(Entries taken from a collection)
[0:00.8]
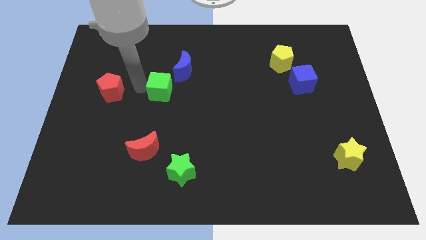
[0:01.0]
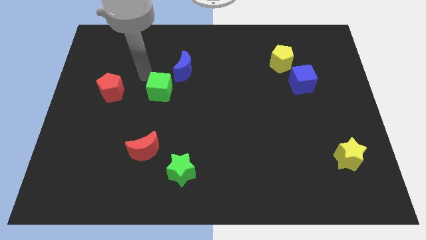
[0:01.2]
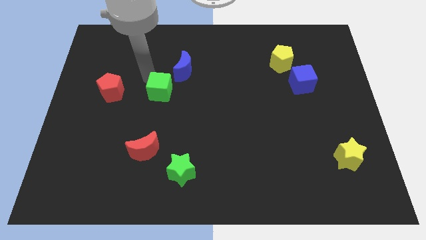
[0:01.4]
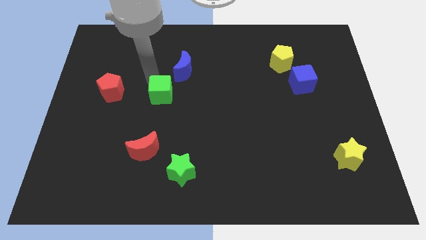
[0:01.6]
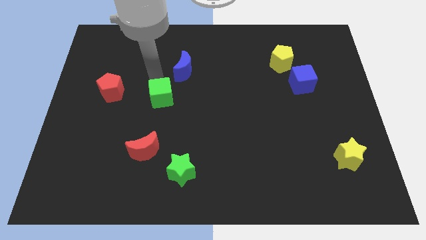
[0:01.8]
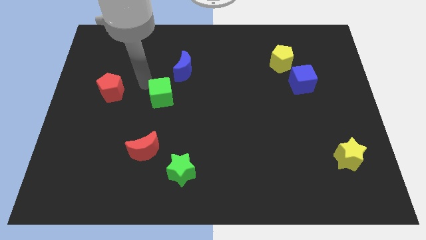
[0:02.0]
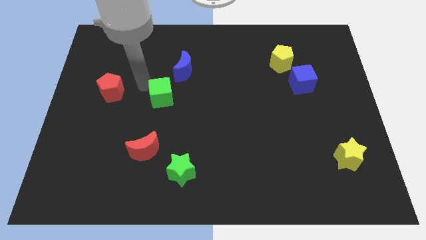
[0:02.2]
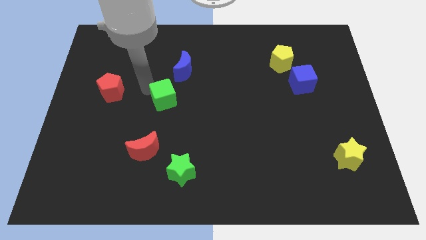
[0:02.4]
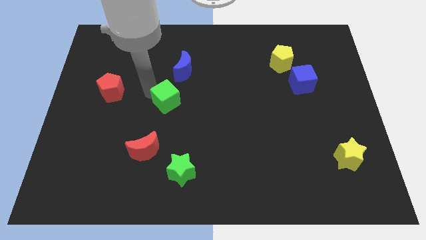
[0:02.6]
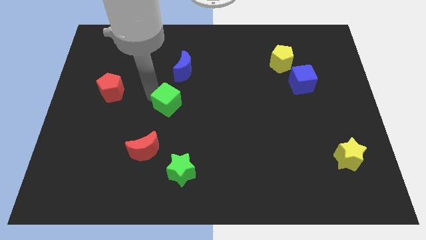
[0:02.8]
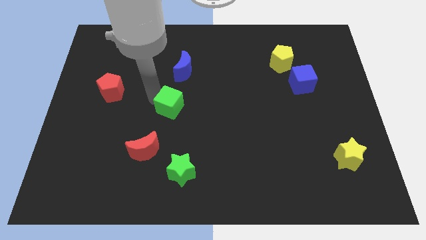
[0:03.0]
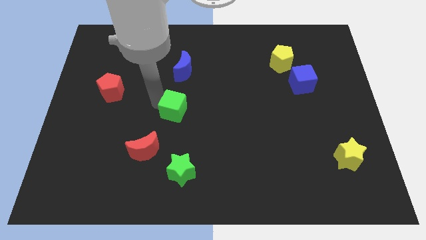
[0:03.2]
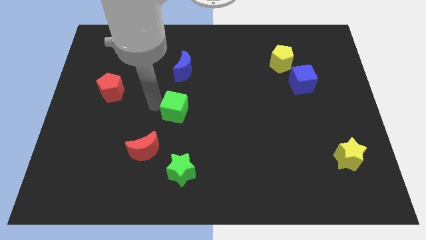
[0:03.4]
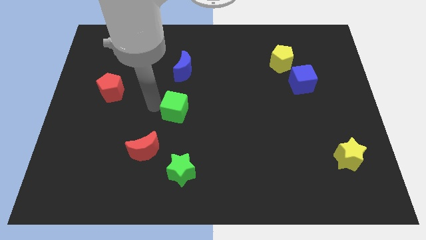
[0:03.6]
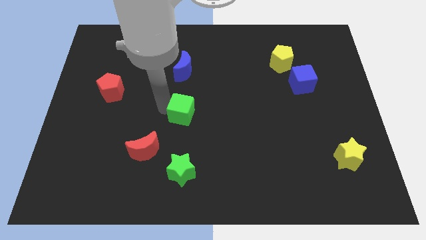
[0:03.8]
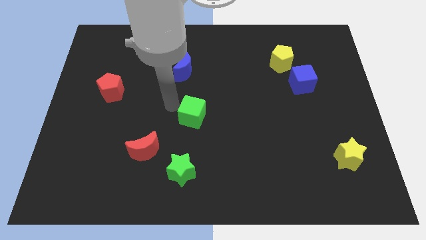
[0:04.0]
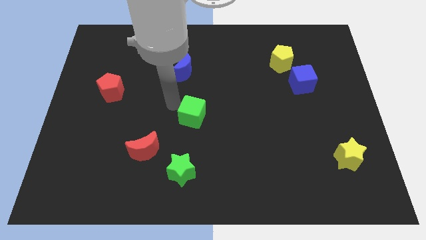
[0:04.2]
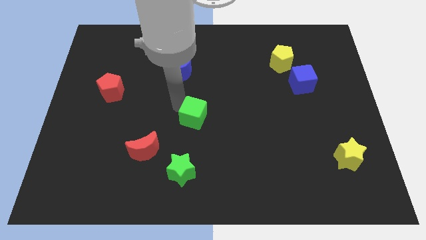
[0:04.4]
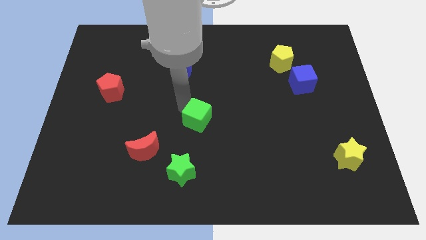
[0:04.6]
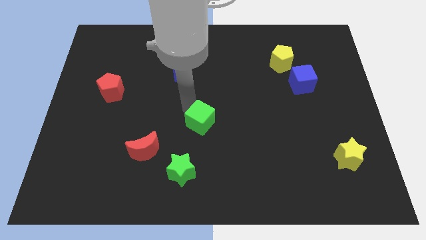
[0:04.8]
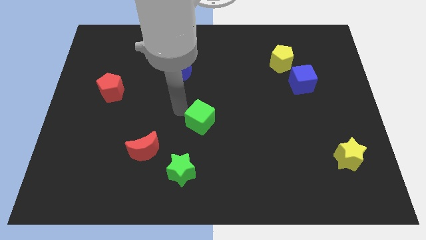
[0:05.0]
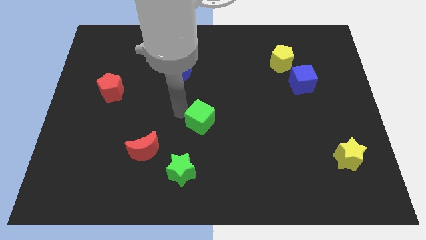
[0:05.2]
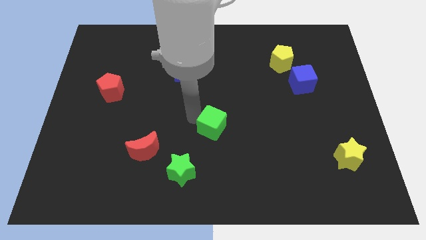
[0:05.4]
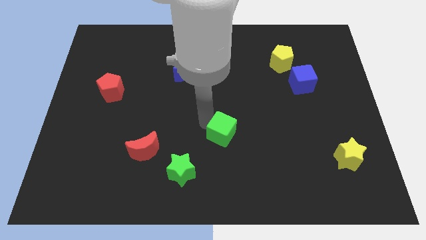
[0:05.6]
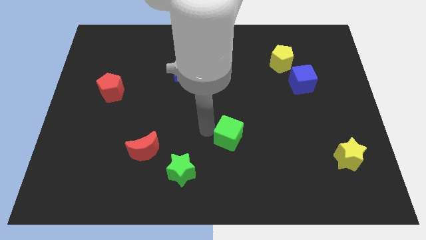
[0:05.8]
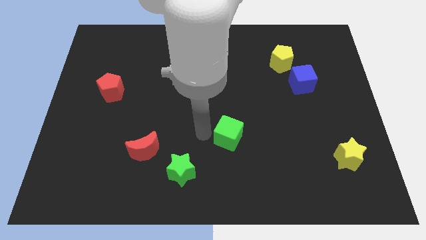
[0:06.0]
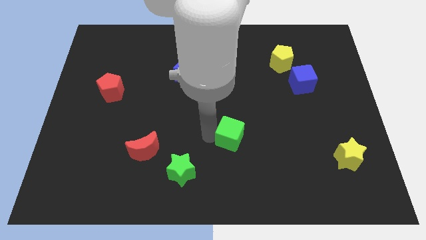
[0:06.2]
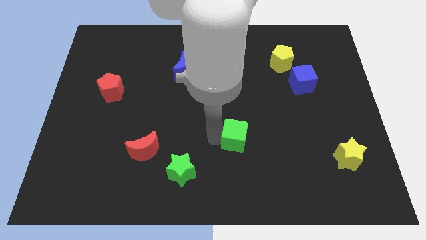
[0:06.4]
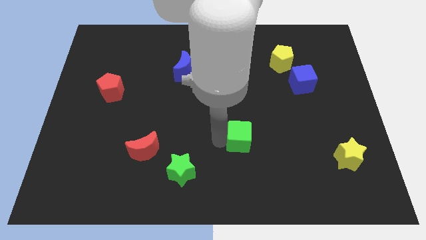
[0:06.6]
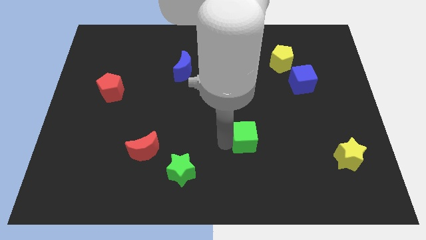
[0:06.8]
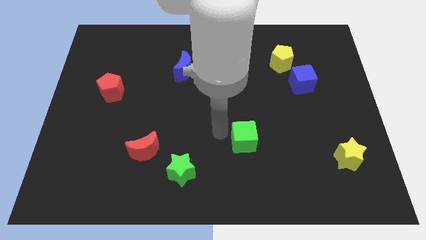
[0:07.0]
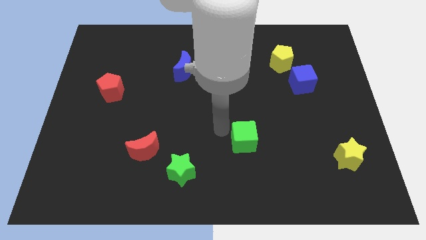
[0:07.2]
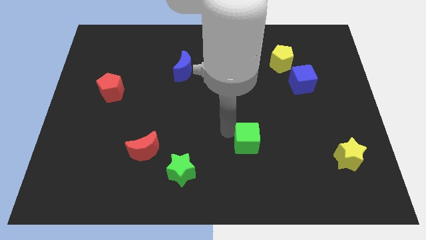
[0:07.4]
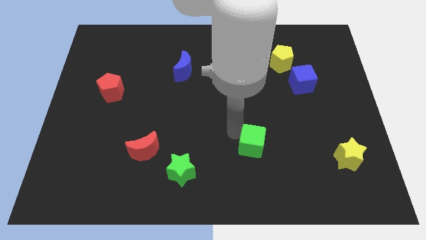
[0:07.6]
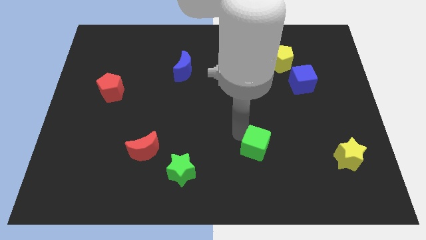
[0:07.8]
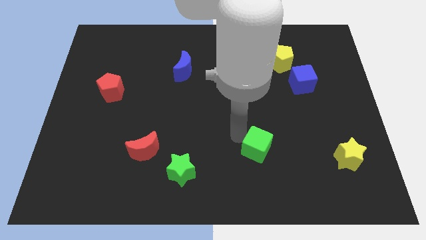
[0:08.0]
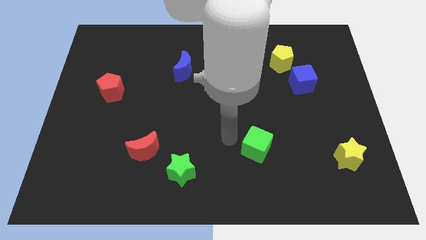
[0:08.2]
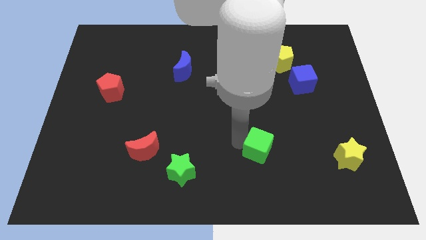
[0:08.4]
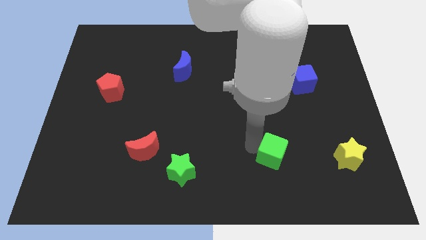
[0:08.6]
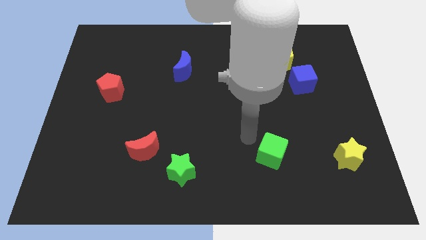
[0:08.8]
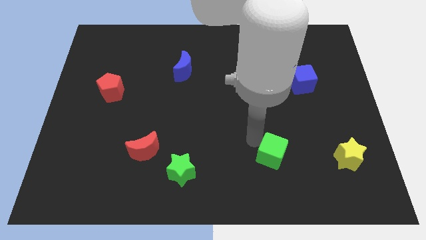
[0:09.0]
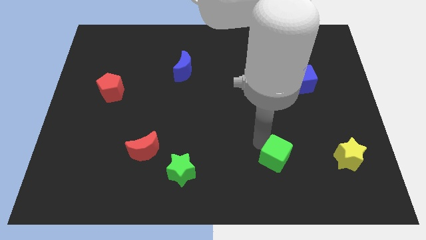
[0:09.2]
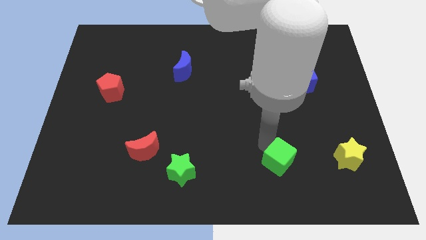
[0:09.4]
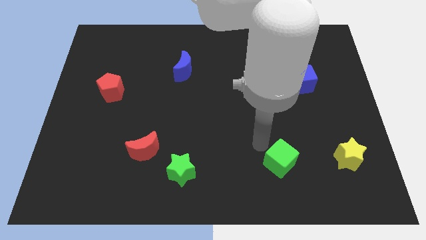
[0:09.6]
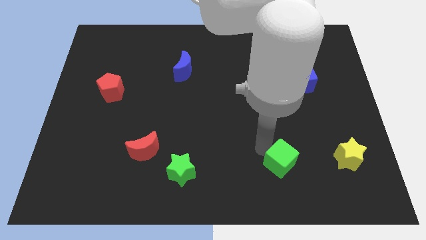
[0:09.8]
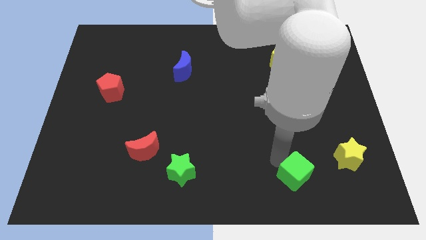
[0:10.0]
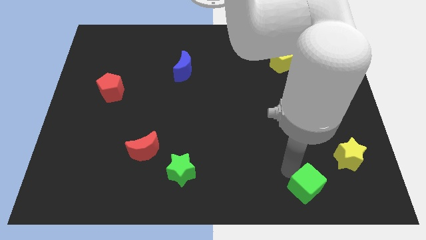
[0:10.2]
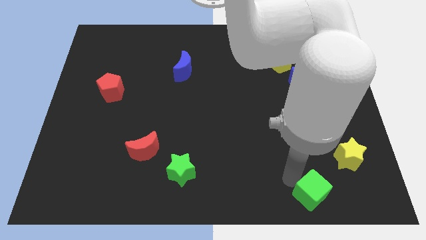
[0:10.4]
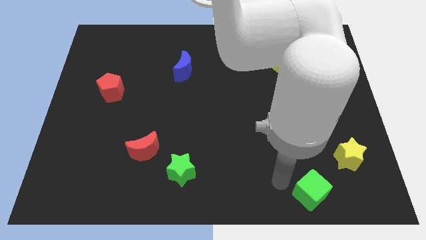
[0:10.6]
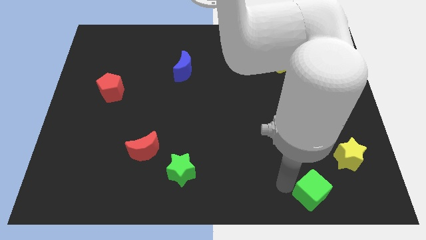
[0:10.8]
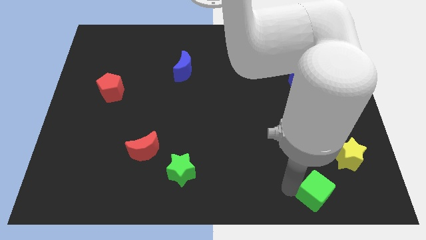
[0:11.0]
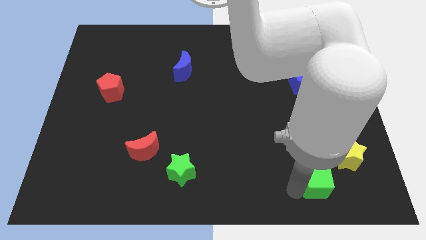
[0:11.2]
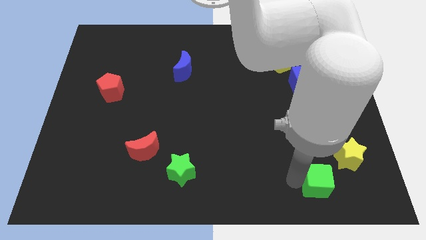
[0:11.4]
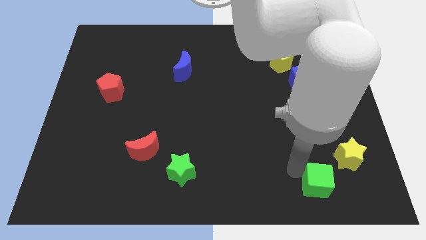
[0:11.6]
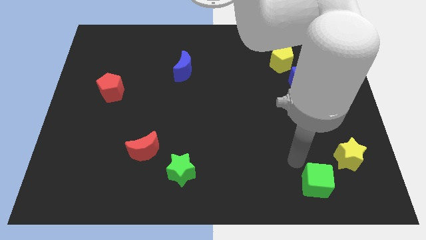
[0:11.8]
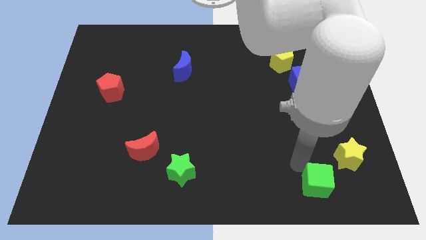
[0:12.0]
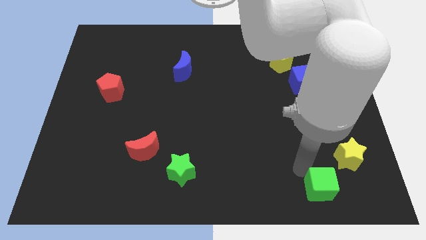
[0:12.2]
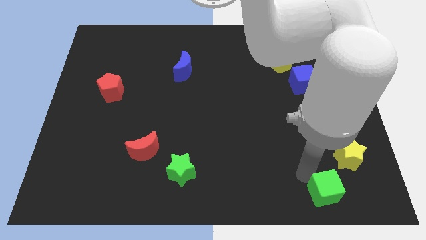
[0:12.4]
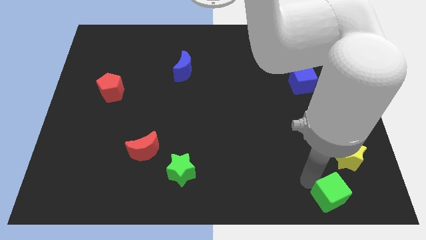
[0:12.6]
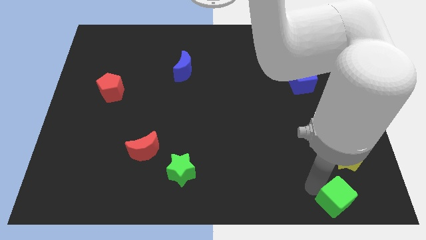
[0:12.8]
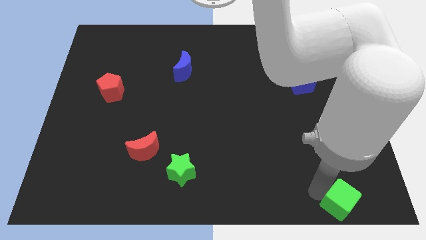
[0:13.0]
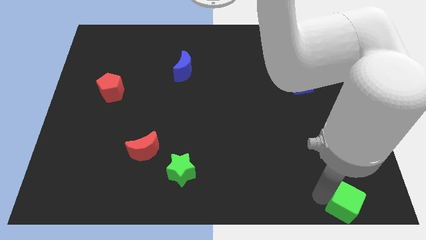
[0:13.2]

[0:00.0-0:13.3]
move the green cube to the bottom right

* YOUR GOAL *
Return every line of the data above exactly, and omit all pictures.

* YOUR SOLUTION *
[0:00.8]
[0:01.0]
[0:01.2]
[0:01.4]
[0:01.6]
[0:01.8]
[0:02.0]
[0:02.2]
[0:02.4]
[0:02.6]
[0:02.8]
[0:03.0]
[0:03.2]
[0:03.4]
[0:03.6]
[0:03.8]
[0:04.0]
[0:04.2]
[0:04.4]
[0:04.6]
[0:04.8]
[0:05.0]
[0:05.2]
[0:05.4]
[0:05.6]
[0:05.8]
[0:06.0]
[0:06.2]
[0:06.4]
[0:06.6]
[0:06.8]
[0:07.0]
[0:07.2]
[0:07.4]
[0:07.6]
[0:07.8]
[0:08.0]
[0:08.2]
[0:08.4]
[0:08.6]
[0:08.8]
[0:09.0]
[0:09.2]
[0:09.4]
[0:09.6]
[0:09.8]
[0:10.0]
[0:10.2]
[0:10.4]
[0:10.6]
[0:10.8]
[0:11.0]
[0:11.2]
[0:11.4]
[0:11.6]
[0:11.8]
[0:12.0]
[0:12.2]
[0:12.4]
[0:12.6]
[0:12.8]
[0:13.0]
[0:13.2]

[0:00.0-0:13.3]
move the green cube to the bottom right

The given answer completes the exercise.